[Extracted data entries]
[Start of section]

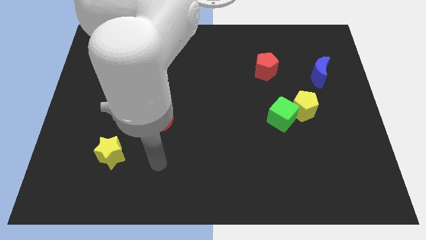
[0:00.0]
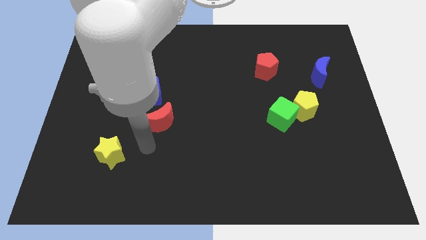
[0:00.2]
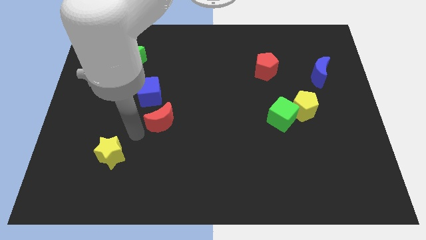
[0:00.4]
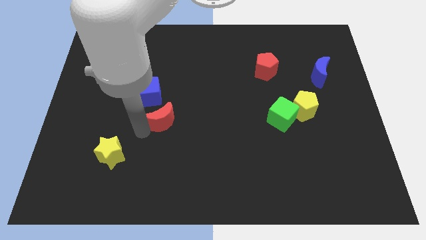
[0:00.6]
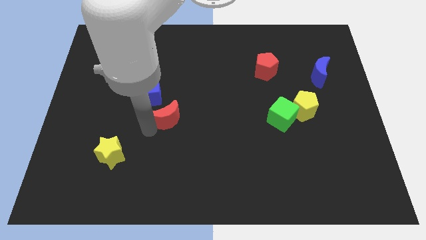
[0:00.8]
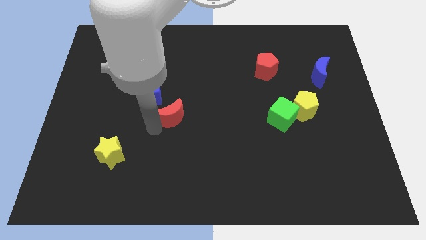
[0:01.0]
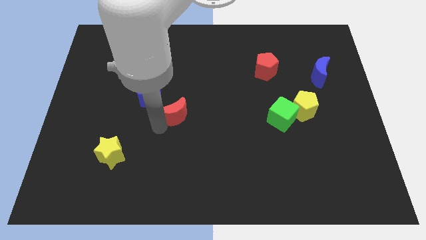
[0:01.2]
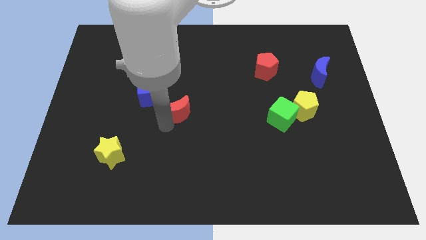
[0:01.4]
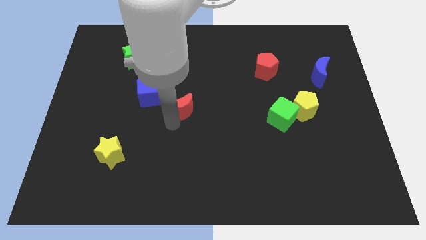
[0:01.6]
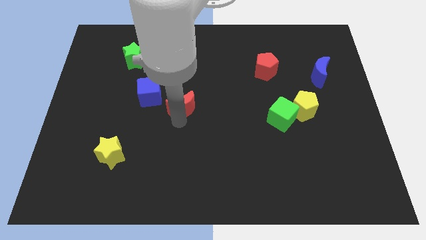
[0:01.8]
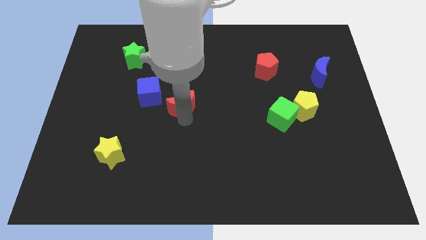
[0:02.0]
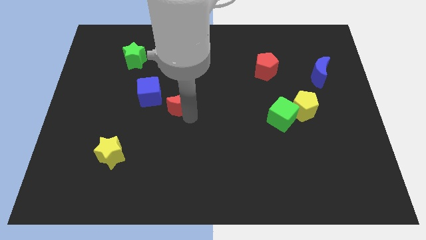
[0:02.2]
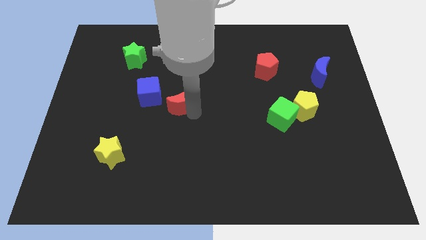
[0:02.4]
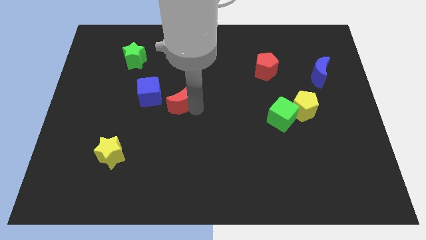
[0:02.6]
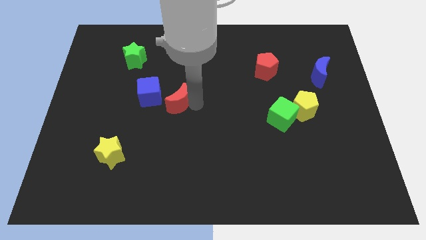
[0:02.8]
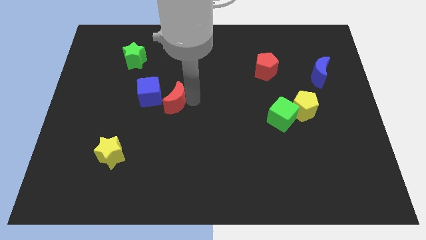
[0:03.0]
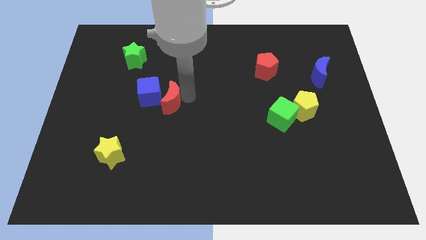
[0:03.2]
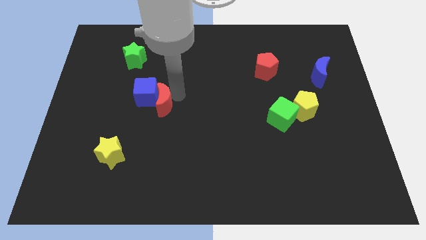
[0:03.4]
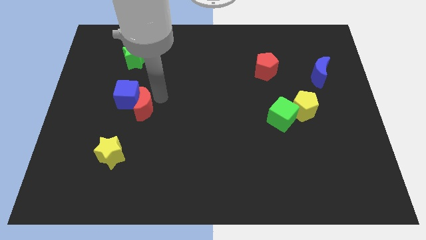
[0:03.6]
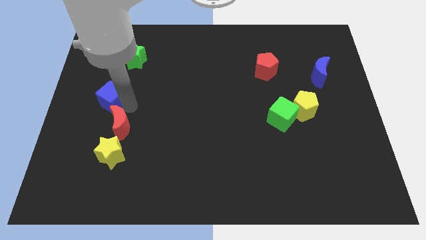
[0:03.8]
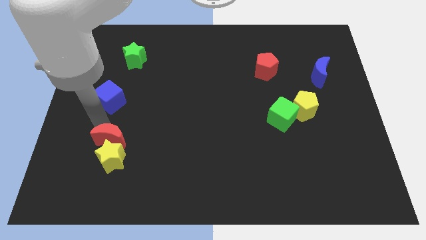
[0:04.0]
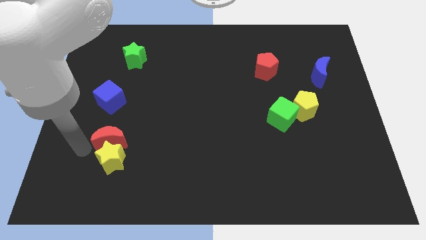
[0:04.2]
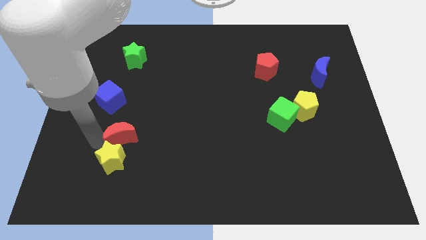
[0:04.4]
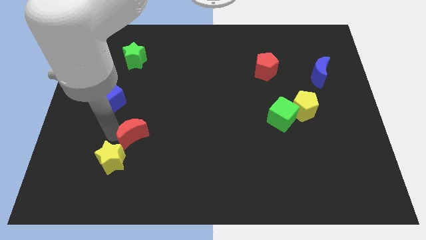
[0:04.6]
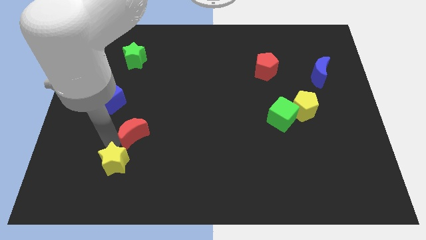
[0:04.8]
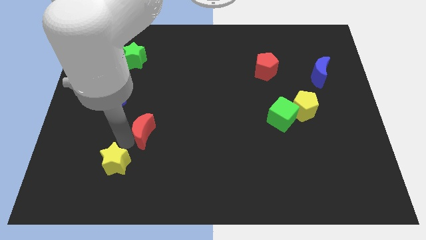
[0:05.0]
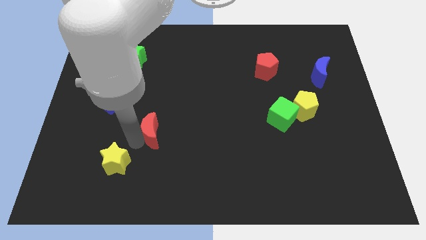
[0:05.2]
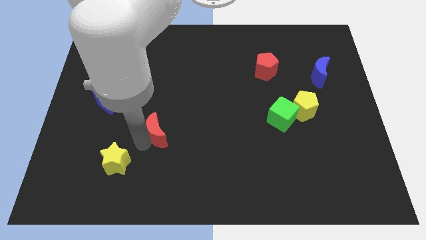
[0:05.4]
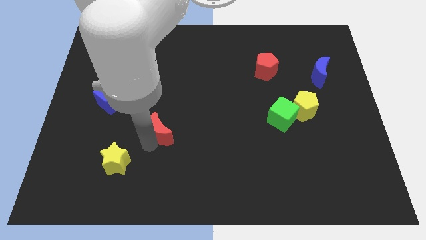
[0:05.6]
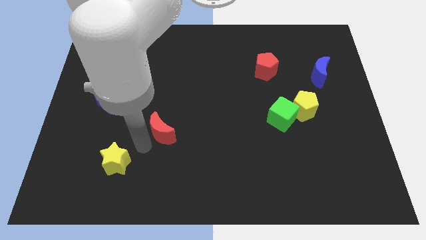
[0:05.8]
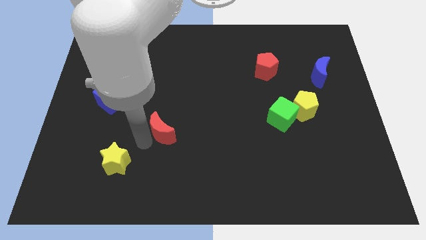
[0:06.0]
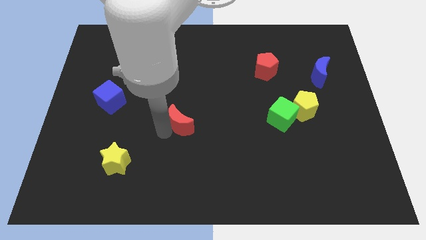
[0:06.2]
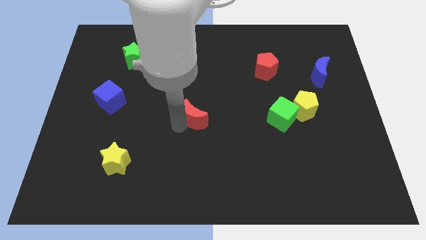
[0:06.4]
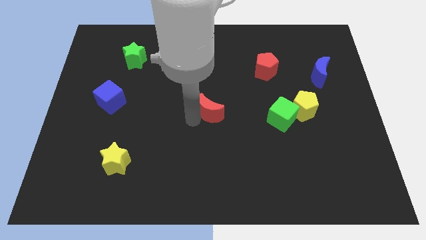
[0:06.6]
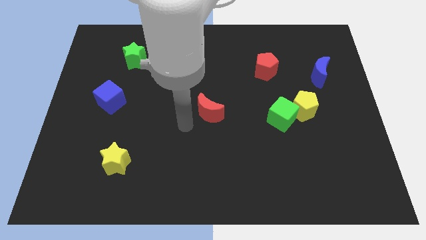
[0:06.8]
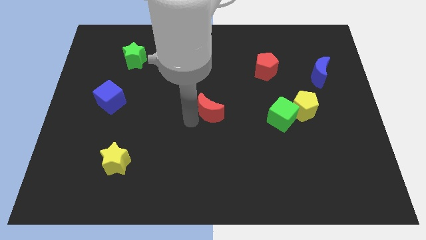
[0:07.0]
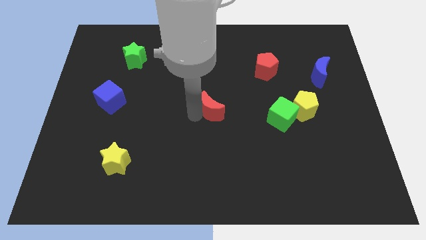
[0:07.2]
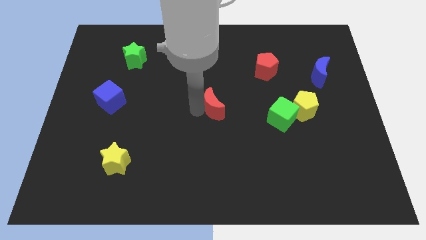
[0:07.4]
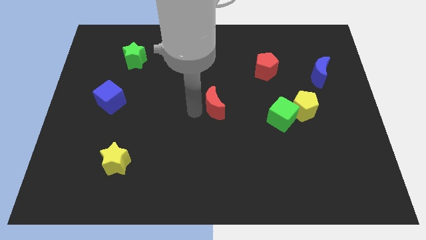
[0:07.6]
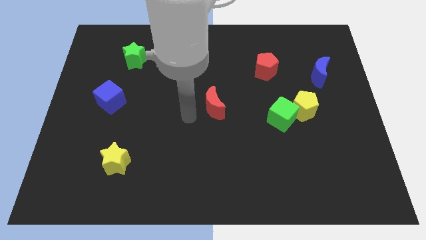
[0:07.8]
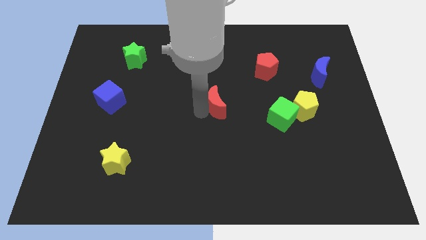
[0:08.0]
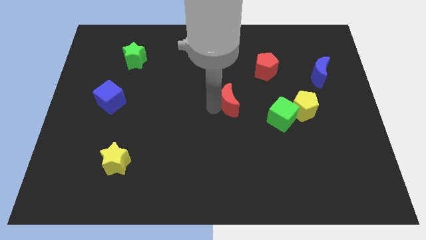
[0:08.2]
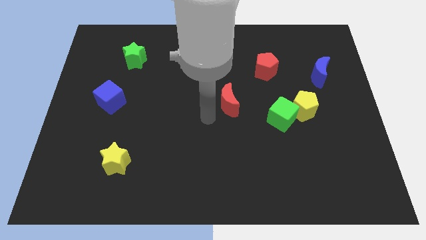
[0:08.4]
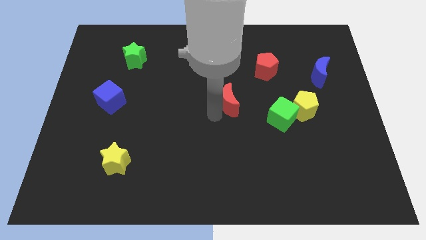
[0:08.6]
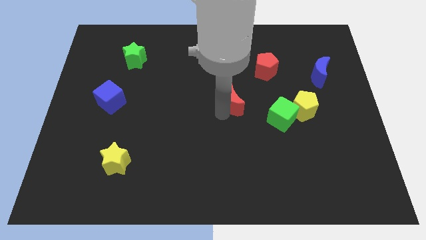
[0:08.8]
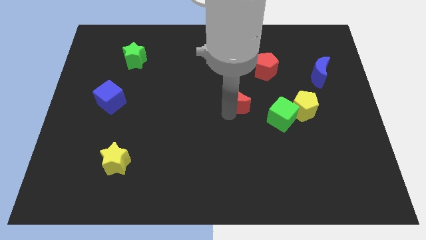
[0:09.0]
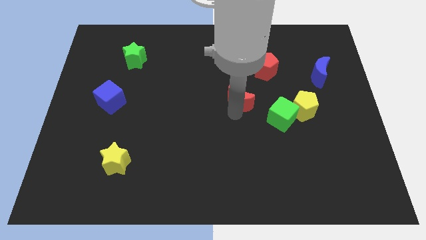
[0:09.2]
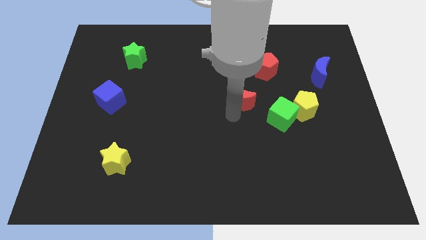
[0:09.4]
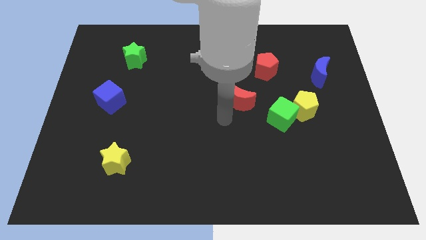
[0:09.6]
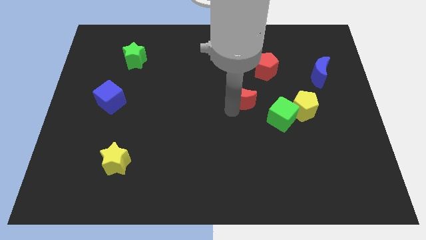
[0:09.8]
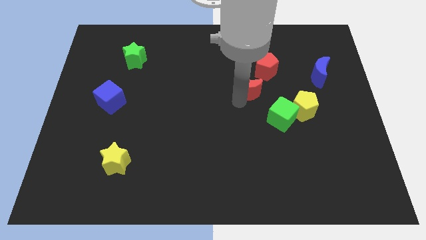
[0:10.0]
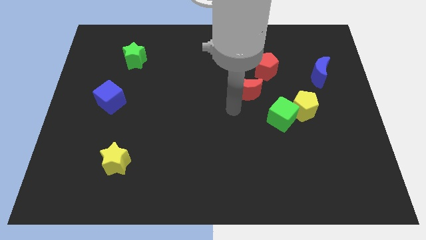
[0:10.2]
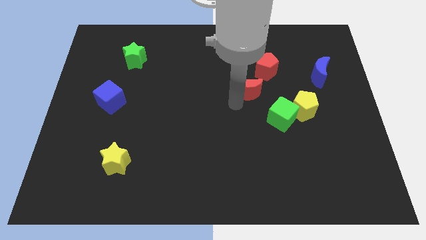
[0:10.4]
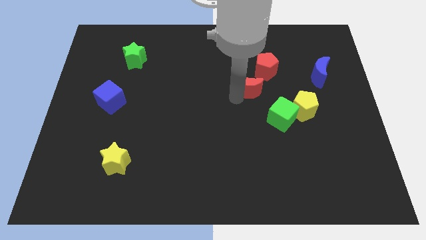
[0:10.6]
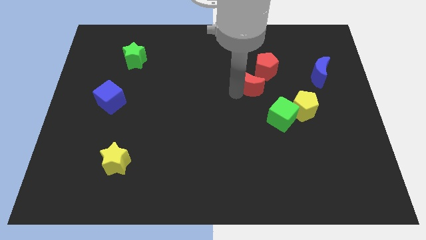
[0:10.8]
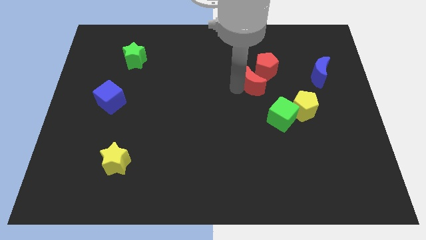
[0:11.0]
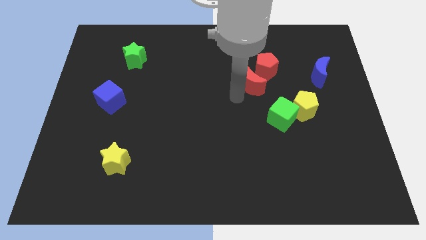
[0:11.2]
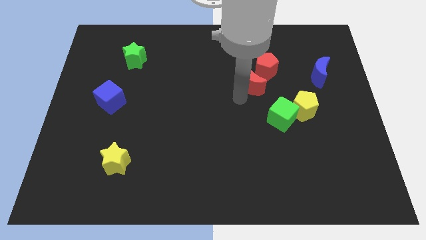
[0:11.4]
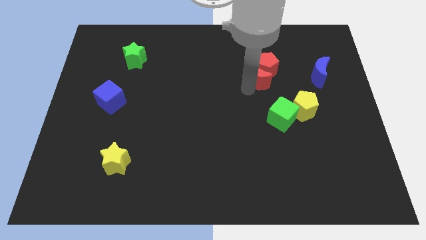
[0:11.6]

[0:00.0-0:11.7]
slide the red moon to the red pentagon

[End of section]

All entries should be reproduced exactly; no picture belongs in the result.

- **Solution to this task**:
[0:00.0]
[0:00.2]
[0:00.4]
[0:00.6]
[0:00.8]
[0:01.0]
[0:01.2]
[0:01.4]
[0:01.6]
[0:01.8]
[0:02.0]
[0:02.2]
[0:02.4]
[0:02.6]
[0:02.8]
[0:03.0]
[0:03.2]
[0:03.4]
[0:03.6]
[0:03.8]
[0:04.0]
[0:04.2]
[0:04.4]
[0:04.6]
[0:04.8]
[0:05.0]
[0:05.2]
[0:05.4]
[0:05.6]
[0:05.8]
[0:06.0]
[0:06.2]
[0:06.4]
[0:06.6]
[0:06.8]
[0:07.0]
[0:07.2]
[0:07.4]
[0:07.6]
[0:07.8]
[0:08.0]
[0:08.2]
[0:08.4]
[0:08.6]
[0:08.8]
[0:09.0]
[0:09.2]
[0:09.4]
[0:09.6]
[0:09.8]
[0:10.0]
[0:10.2]
[0:10.4]
[0:10.6]
[0:10.8]
[0:11.0]
[0:11.2]
[0:11.4]
[0:11.6]

[0:00.0-0:11.7]
slide the red moon to the red pentagon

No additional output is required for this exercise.